I keep telling them that no one will be hurt.
They don’t listen.
They were like mosquitoes. But not the mosquitoes
In 1973 when I was a teenager, something happened involving stuff creating curls that still give me goosebumps.
We were moving, and I was storing boxes above a garage. I wanted to go to the baseball diamond that night. Not for the game, but for the boys. If they were looking at the bleachers, I wanted my hair to be fabulously curly!
I had packed my curlers in storage. To the garage I go. Up and over the ladder, I look for the box. There they are, a “hair trick” scribbled on a box.
I lean over to start opening the shutters, and… “SHOUT, SHOUT, BRUSH, SHOUT, NO MORE BRUSH!”
Thirty baby mice flew out of the box towards my face. It was like being swarmed by mosquitoes. That is, if the mosquitoes were big and hairy. I tried to get them away from my face and not tangle my hair. I panicked.

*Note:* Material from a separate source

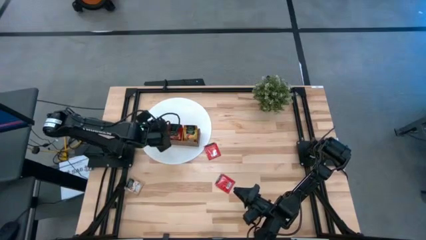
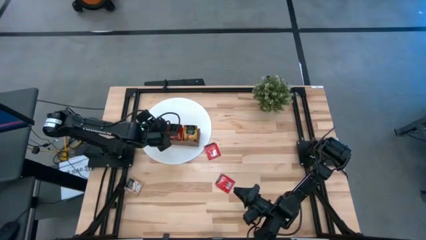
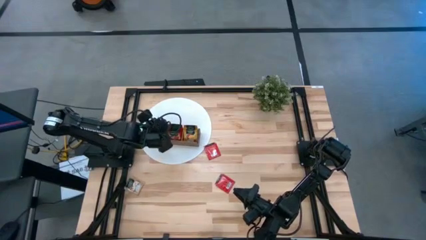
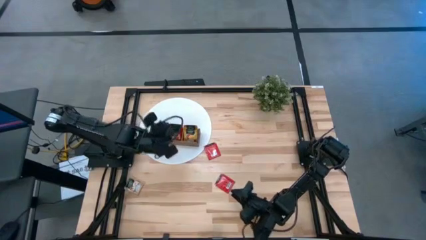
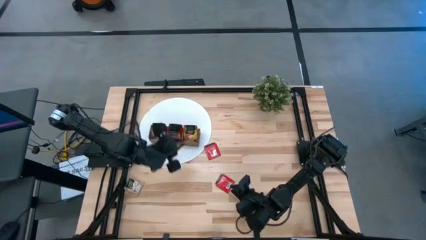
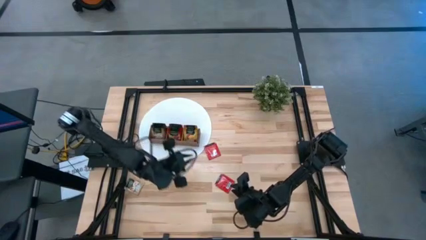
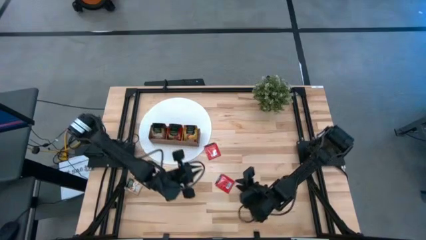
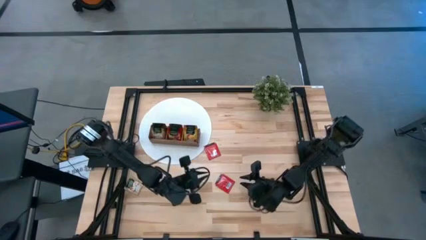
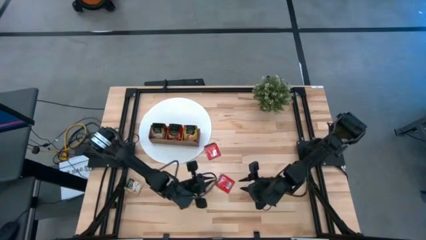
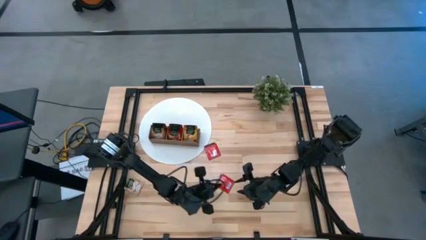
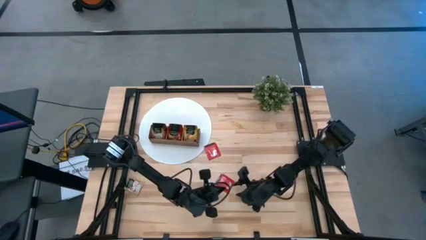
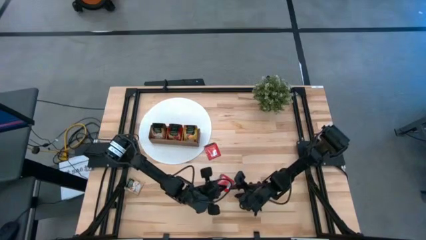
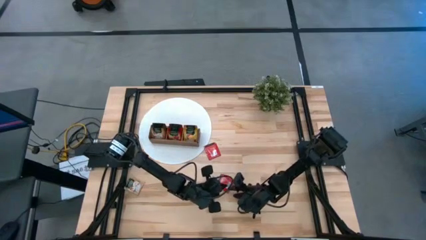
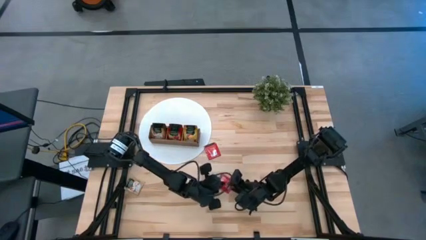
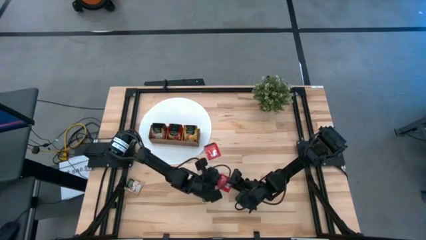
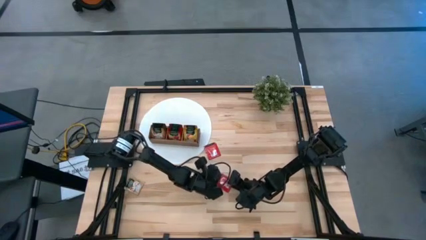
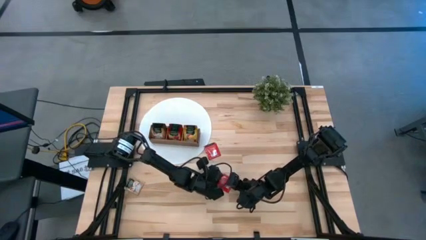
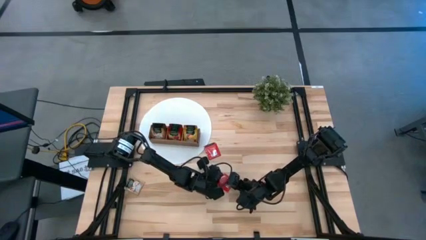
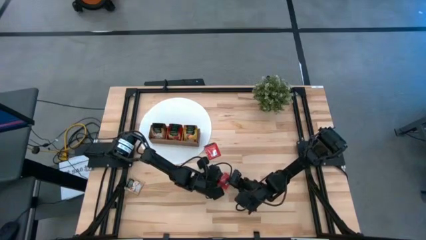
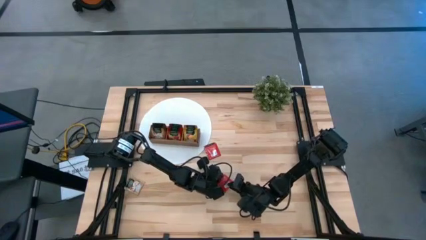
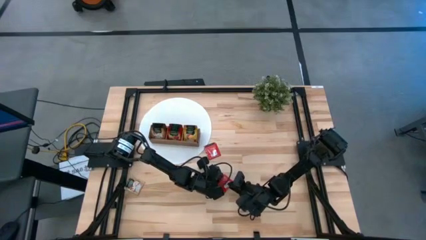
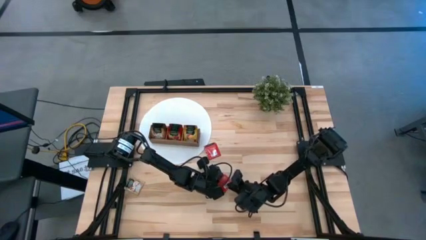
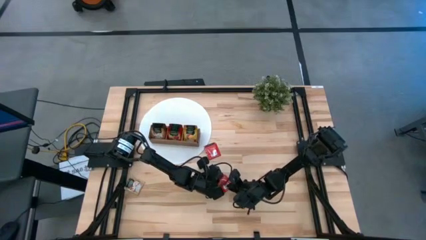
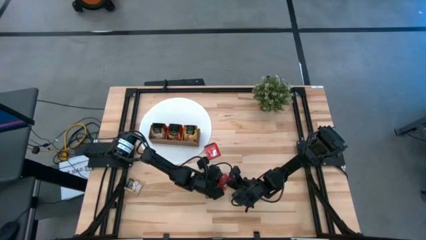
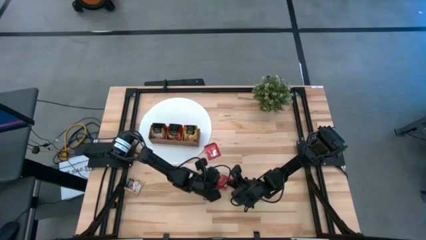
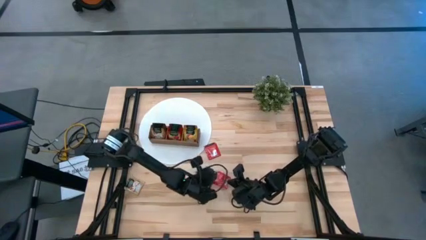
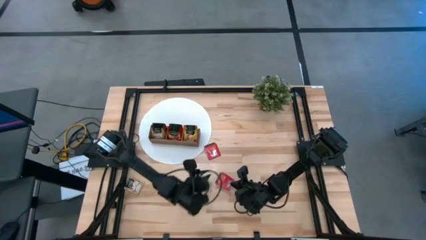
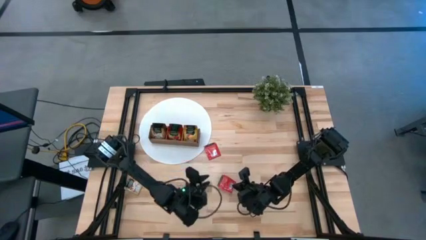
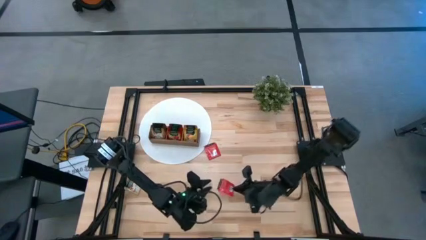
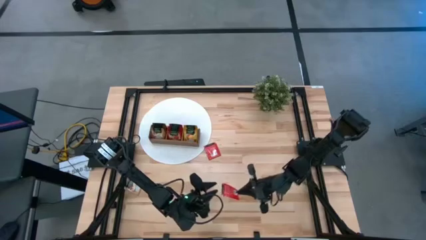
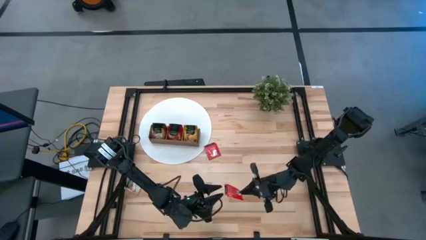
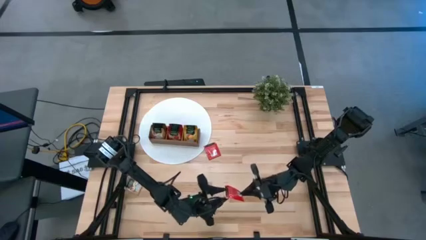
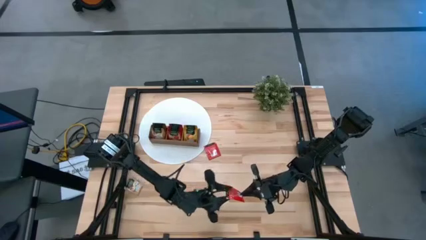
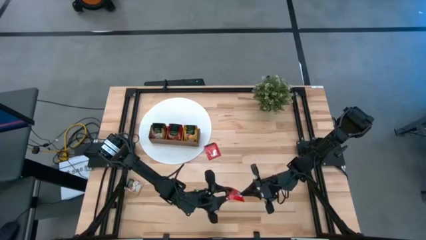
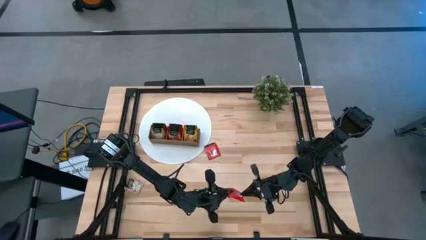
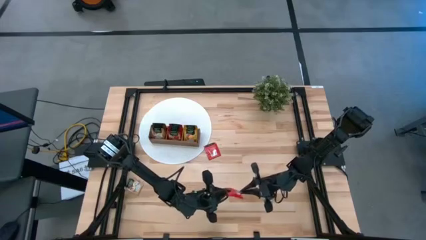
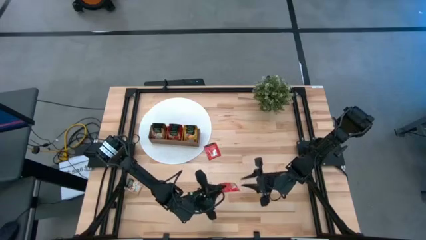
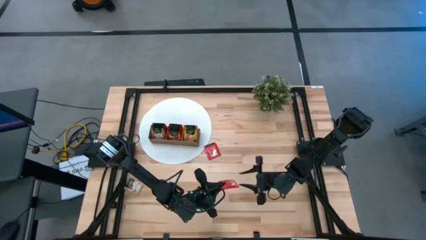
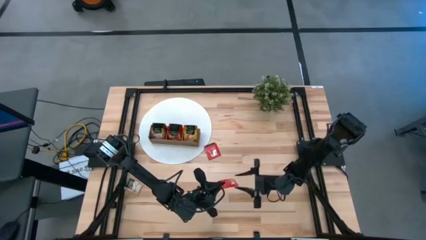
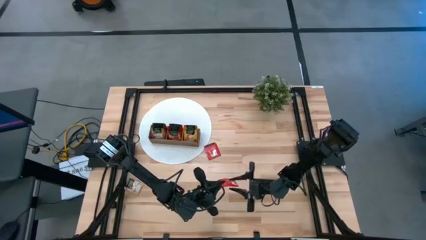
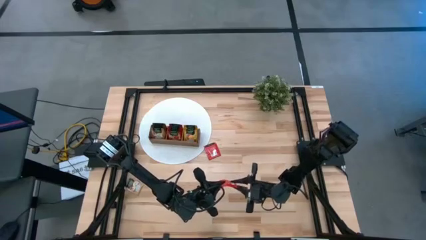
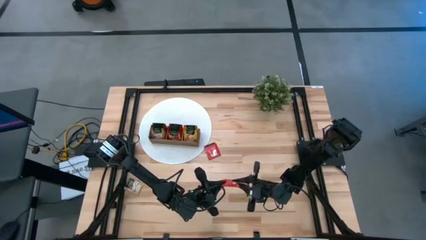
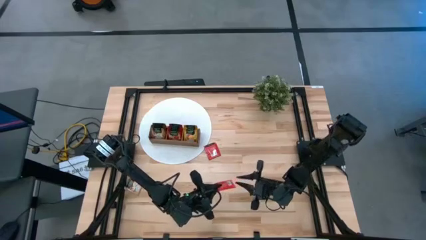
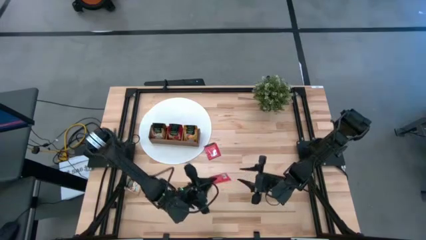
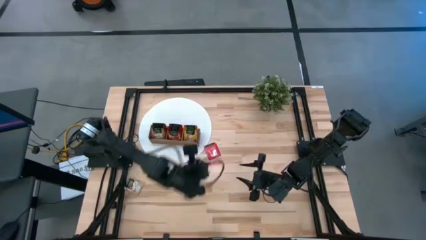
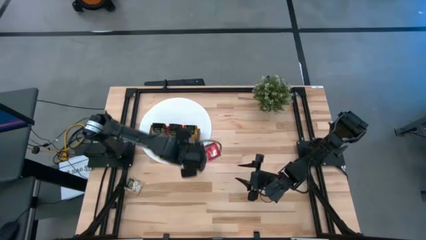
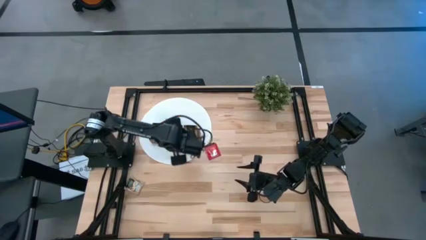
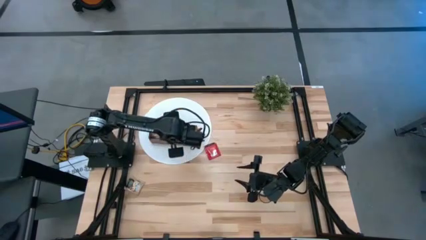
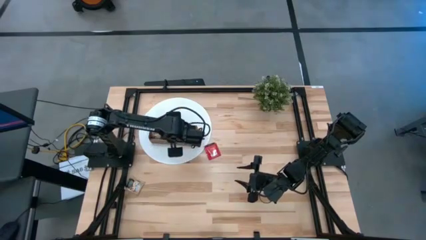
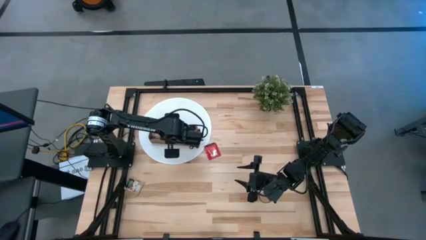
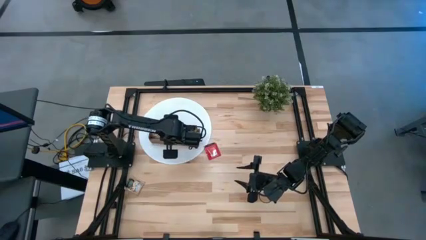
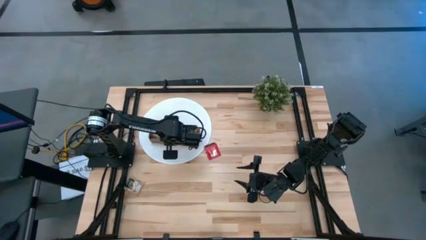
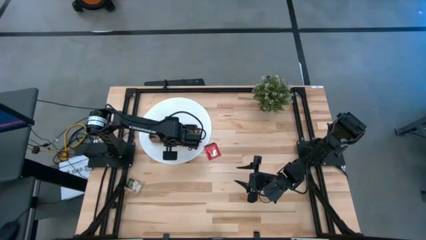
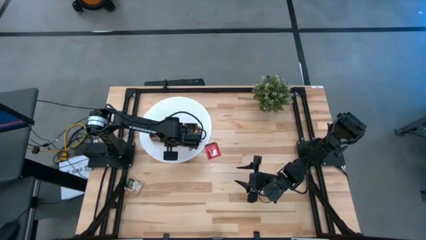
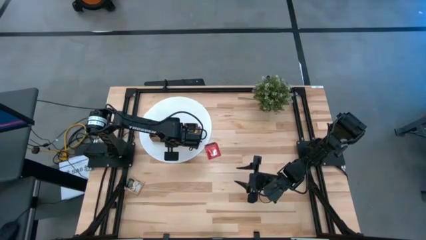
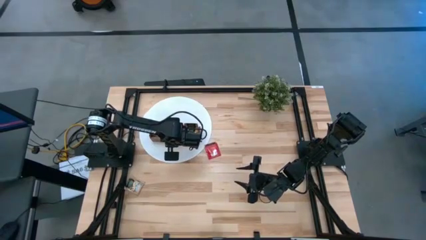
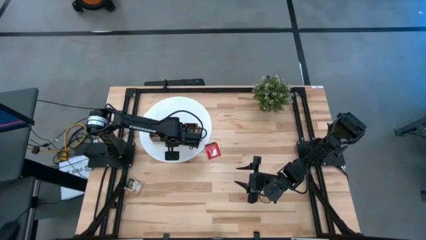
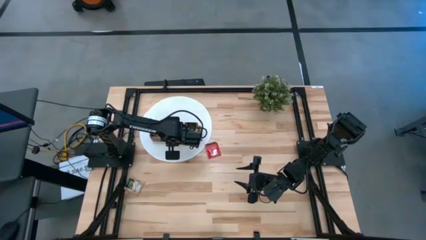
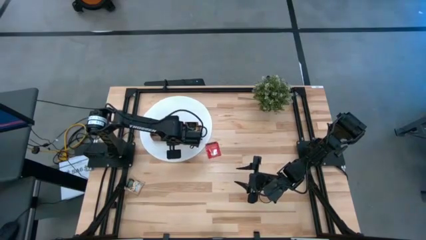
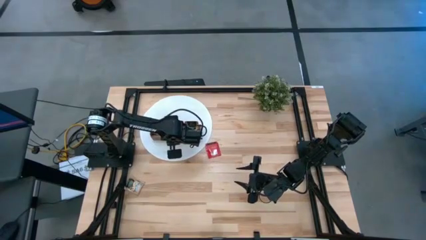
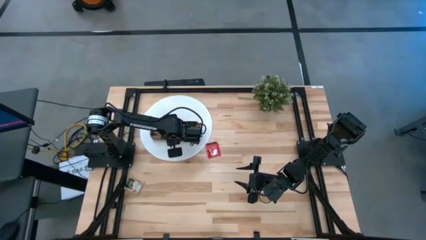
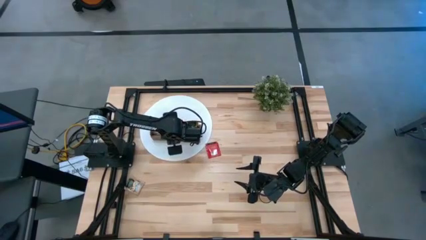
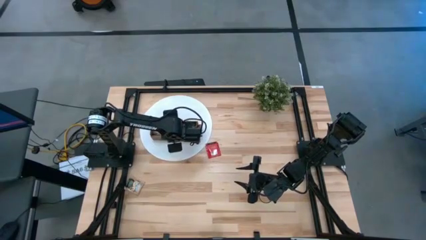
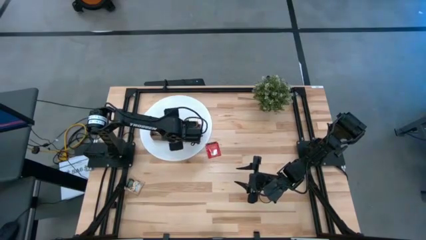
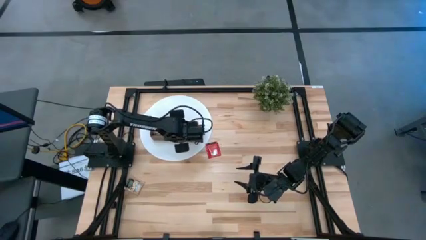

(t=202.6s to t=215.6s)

Flight or fight. In my case, urinating in my pants or jumping on the floor. I don’t know what happened next. I remember walking my poker straight hair on the ball diamond that night in Pakenham, Ontario. I always wonder, were those mice wearing pink foam curlers?
The fight is real. Outside, fucking straight hair. I try all my tricks to lasso my four cowlicks into surrender.
I wet them and tape them, hairpins and barrettes, glue them with styling gel. Trying to master my cowlicks is like playing Whack-A-Mole. One settles and another arises.
Guess what? Cowlicks on people with straight hair are more noticeable. Thank you Sherlock Combs! The old story of cutting baby hair curls is fake news. Curls start in the follicle, at the root, so cutting baby hair won’t cause straight hair to grow.
I got it. I’m sick and tired, and I’m not going to take straight hair and highlights anymore. It’s finish. I refuse to play this game. You have to go! No, really, cowlicks, “Buzz off!”
What else could I do but get a buzzcut.
It was so powerful. I came home, looked in the mirror at my quarter inch long hair, “I warned you not to act. But you didn’t listen! Are you happy now?”
I don’t care what my hair says. I am delighted with my decision. It seems that my problems have disappeared in fine hair.
Anyone need hot rollers, a curling iron, or some highlights?